━━ PROVIDED MATERIAL ━━
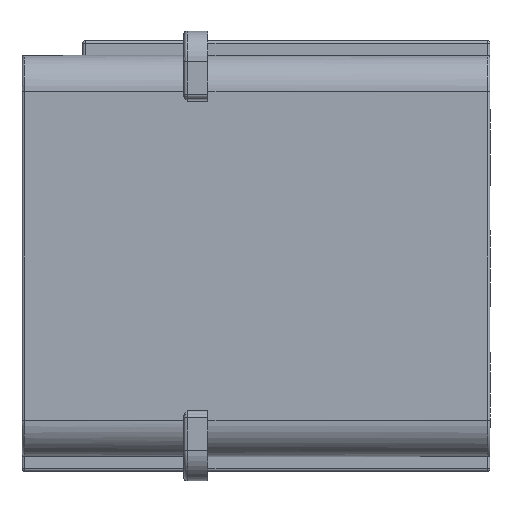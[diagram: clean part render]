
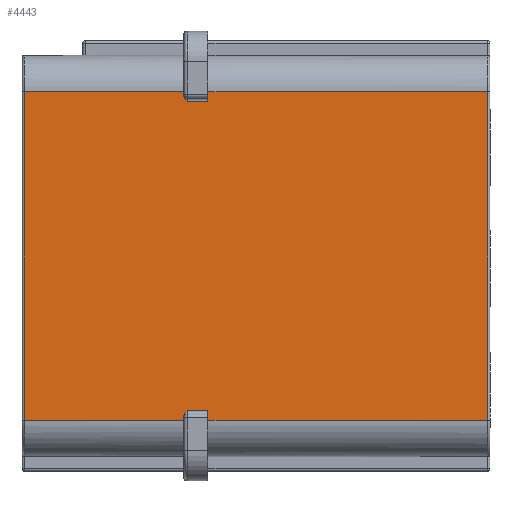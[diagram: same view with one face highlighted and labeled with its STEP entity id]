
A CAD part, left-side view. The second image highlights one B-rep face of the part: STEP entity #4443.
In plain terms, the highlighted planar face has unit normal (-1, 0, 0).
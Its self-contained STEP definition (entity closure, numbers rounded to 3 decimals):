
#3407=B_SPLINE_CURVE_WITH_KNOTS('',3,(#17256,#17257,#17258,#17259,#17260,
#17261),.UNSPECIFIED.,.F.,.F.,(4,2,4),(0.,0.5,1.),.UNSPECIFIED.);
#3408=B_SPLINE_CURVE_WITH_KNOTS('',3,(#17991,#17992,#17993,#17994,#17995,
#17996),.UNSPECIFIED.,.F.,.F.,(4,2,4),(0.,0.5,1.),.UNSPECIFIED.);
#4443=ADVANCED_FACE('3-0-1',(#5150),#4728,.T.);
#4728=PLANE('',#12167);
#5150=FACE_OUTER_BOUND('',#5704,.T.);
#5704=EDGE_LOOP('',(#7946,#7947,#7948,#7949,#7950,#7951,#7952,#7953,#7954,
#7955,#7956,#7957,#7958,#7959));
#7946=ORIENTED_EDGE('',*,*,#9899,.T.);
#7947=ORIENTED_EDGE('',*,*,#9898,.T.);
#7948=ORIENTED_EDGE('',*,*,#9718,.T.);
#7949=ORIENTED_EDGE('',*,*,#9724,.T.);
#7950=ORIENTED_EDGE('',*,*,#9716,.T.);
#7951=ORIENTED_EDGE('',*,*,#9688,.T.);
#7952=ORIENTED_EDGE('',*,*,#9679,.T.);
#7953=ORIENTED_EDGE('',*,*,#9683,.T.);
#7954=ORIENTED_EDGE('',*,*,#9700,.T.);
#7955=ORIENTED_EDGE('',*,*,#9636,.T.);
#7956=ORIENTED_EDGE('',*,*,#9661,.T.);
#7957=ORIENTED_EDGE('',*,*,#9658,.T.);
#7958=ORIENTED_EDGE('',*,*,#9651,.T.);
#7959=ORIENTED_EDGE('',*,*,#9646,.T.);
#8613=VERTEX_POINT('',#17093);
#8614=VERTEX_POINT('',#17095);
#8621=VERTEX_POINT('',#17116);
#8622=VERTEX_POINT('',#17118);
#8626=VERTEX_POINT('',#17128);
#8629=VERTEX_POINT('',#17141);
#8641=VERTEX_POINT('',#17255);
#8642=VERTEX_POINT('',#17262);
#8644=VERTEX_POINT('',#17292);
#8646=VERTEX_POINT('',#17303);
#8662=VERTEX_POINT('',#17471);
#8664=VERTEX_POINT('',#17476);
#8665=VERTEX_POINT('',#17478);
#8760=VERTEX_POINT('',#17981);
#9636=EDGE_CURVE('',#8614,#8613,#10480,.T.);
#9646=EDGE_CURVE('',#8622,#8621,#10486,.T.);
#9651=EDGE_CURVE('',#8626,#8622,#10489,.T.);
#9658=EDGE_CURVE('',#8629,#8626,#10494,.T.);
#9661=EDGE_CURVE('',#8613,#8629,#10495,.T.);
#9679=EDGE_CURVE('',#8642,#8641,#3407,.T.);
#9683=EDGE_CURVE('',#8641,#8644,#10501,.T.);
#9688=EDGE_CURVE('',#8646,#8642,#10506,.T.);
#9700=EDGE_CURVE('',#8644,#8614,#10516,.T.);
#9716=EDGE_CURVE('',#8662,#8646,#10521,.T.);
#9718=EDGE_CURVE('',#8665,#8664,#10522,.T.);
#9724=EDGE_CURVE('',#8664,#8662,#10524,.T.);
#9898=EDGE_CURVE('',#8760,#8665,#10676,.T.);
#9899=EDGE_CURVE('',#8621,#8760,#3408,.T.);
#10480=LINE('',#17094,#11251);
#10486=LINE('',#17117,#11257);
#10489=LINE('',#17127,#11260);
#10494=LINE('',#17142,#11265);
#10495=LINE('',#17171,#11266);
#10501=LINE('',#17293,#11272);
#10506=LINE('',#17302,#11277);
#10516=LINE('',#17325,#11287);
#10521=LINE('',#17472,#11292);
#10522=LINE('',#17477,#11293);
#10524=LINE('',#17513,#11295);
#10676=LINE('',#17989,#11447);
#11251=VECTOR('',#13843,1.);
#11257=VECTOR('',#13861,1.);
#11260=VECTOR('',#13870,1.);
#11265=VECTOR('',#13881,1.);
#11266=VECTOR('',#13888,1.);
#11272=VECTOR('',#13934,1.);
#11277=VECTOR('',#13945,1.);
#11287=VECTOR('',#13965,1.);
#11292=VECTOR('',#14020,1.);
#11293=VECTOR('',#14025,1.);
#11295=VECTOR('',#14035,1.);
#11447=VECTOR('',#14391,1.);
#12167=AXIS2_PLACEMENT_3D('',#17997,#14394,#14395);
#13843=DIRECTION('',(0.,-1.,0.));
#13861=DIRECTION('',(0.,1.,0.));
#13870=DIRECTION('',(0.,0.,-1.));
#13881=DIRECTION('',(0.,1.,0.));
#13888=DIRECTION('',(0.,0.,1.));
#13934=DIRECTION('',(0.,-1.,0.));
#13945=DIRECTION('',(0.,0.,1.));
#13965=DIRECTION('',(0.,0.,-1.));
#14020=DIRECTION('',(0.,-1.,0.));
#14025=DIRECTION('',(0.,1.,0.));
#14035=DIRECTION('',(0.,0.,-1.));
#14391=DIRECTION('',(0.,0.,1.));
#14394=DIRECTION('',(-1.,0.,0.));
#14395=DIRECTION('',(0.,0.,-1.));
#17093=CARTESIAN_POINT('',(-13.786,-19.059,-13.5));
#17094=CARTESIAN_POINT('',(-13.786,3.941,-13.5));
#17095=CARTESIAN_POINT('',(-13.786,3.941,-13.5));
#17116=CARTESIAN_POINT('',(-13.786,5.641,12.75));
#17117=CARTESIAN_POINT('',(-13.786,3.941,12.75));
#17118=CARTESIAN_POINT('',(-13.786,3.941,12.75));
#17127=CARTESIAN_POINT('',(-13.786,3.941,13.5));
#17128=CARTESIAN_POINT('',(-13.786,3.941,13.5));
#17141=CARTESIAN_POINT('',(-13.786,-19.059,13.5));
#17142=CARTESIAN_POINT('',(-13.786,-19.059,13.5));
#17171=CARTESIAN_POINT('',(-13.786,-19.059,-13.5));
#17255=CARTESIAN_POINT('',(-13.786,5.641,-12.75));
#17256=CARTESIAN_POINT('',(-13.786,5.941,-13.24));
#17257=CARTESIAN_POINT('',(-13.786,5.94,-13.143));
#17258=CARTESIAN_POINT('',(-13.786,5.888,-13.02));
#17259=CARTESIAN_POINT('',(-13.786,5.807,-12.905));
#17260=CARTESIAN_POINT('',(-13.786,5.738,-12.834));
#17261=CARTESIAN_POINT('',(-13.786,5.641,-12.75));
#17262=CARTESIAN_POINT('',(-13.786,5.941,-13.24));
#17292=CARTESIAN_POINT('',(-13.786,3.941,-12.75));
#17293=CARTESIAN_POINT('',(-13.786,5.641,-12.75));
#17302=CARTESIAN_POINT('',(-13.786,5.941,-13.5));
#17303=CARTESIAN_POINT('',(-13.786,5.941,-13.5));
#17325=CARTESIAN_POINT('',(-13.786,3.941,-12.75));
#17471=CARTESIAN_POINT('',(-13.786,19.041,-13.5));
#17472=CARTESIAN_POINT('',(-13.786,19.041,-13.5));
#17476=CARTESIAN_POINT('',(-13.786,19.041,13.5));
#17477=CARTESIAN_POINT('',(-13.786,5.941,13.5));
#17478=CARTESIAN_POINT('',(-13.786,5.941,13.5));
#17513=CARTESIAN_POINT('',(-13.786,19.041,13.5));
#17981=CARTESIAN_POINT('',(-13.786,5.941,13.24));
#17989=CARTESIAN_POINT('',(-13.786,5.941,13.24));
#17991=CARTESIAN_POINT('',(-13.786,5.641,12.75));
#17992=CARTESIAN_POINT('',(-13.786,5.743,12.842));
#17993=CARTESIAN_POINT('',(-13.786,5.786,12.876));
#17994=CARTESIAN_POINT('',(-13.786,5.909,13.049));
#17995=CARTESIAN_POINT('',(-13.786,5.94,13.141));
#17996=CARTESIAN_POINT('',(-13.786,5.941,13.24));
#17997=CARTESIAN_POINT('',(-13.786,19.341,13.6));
━━━
━━ PROVIDED MATERIAL ━━
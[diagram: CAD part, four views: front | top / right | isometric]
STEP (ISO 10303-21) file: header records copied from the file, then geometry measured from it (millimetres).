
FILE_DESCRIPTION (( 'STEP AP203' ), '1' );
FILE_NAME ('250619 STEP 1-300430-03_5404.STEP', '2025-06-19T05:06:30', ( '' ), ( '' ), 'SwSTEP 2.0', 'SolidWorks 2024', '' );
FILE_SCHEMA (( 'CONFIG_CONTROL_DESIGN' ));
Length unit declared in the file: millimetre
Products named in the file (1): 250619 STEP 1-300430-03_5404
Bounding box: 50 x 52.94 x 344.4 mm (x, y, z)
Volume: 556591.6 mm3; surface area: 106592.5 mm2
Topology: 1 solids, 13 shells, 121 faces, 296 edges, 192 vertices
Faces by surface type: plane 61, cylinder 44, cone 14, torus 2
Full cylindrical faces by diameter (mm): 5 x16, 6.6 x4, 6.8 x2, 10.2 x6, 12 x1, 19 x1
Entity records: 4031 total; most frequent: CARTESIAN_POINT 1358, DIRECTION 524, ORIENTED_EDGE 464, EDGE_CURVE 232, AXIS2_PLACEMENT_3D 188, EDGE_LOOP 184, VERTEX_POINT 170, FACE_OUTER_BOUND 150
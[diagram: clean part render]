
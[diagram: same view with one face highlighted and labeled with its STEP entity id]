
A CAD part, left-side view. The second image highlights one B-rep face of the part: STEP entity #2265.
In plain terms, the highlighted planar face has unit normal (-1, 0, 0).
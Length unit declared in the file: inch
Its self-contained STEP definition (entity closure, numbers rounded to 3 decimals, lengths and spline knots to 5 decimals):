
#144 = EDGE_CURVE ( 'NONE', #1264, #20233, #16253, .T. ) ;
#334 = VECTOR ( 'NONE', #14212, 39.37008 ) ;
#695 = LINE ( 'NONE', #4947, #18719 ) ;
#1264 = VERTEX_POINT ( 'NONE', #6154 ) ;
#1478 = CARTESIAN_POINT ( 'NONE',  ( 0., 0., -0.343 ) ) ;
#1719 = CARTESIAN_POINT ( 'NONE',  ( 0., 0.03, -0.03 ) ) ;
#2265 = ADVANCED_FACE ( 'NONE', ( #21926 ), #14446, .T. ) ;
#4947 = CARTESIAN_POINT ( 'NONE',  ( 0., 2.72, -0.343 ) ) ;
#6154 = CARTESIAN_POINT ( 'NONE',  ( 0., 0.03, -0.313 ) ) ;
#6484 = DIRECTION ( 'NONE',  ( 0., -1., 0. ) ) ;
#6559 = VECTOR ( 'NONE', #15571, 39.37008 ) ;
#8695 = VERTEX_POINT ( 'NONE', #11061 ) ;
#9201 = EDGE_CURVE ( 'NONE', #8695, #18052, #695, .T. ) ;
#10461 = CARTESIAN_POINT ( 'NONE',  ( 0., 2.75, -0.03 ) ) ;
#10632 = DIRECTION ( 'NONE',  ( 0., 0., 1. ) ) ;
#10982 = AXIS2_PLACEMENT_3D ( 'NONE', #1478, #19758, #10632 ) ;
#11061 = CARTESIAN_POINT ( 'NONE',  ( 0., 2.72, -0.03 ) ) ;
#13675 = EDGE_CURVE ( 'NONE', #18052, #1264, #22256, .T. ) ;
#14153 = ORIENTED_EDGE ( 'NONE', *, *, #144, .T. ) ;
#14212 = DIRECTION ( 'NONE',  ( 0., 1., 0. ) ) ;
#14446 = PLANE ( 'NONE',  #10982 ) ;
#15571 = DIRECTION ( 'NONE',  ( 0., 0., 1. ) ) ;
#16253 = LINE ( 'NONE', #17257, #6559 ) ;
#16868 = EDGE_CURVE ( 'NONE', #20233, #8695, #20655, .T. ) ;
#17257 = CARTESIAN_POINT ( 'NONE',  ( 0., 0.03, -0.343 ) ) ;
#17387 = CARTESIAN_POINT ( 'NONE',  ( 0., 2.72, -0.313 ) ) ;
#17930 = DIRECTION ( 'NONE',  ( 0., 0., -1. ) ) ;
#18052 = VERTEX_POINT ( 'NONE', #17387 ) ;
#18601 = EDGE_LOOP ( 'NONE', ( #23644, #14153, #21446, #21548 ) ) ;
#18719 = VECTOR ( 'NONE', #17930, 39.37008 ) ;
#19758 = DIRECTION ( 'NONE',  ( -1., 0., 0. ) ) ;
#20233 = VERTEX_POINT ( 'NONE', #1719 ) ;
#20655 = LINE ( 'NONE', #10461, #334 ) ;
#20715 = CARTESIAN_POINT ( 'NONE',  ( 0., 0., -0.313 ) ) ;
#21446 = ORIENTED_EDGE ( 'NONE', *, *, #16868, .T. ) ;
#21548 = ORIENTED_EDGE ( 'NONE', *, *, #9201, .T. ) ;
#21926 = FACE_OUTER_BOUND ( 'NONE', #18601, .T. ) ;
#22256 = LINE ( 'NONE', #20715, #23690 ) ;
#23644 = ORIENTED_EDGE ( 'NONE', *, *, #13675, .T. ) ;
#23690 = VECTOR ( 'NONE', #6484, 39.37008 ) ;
━━━
ASSIGNED TASK: What you give back should be exactly the lines of the data above from the line with "#7953=ORIENTED_EDGE('',*,*,#9683,.T.);" through the line with "#8665=VERTEX_POINT('',#17478);", both of those included, and nothing more.

EXERCISE OUTPUT:
#7953=ORIENTED_EDGE('',*,*,#9683,.T.);
#7954=ORIENTED_EDGE('',*,*,#9700,.T.);
#7955=ORIENTED_EDGE('',*,*,#9636,.T.);
#7956=ORIENTED_EDGE('',*,*,#9661,.T.);
#7957=ORIENTED_EDGE('',*,*,#9658,.T.);
#7958=ORIENTED_EDGE('',*,*,#9651,.T.);
#7959=ORIENTED_EDGE('',*,*,#9646,.T.);
#8613=VERTEX_POINT('',#17093);
#8614=VERTEX_POINT('',#17095);
#8621=VERTEX_POINT('',#17116);
#8622=VERTEX_POINT('',#17118);
#8626=VERTEX_POINT('',#17128);
#8629=VERTEX_POINT('',#17141);
#8641=VERTEX_POINT('',#17255);
#8642=VERTEX_POINT('',#17262);
#8644=VERTEX_POINT('',#17292);
#8646=VERTEX_POINT('',#17303);
#8662=VERTEX_POINT('',#17471);
#8664=VERTEX_POINT('',#17476);
#8665=VERTEX_POINT('',#17478);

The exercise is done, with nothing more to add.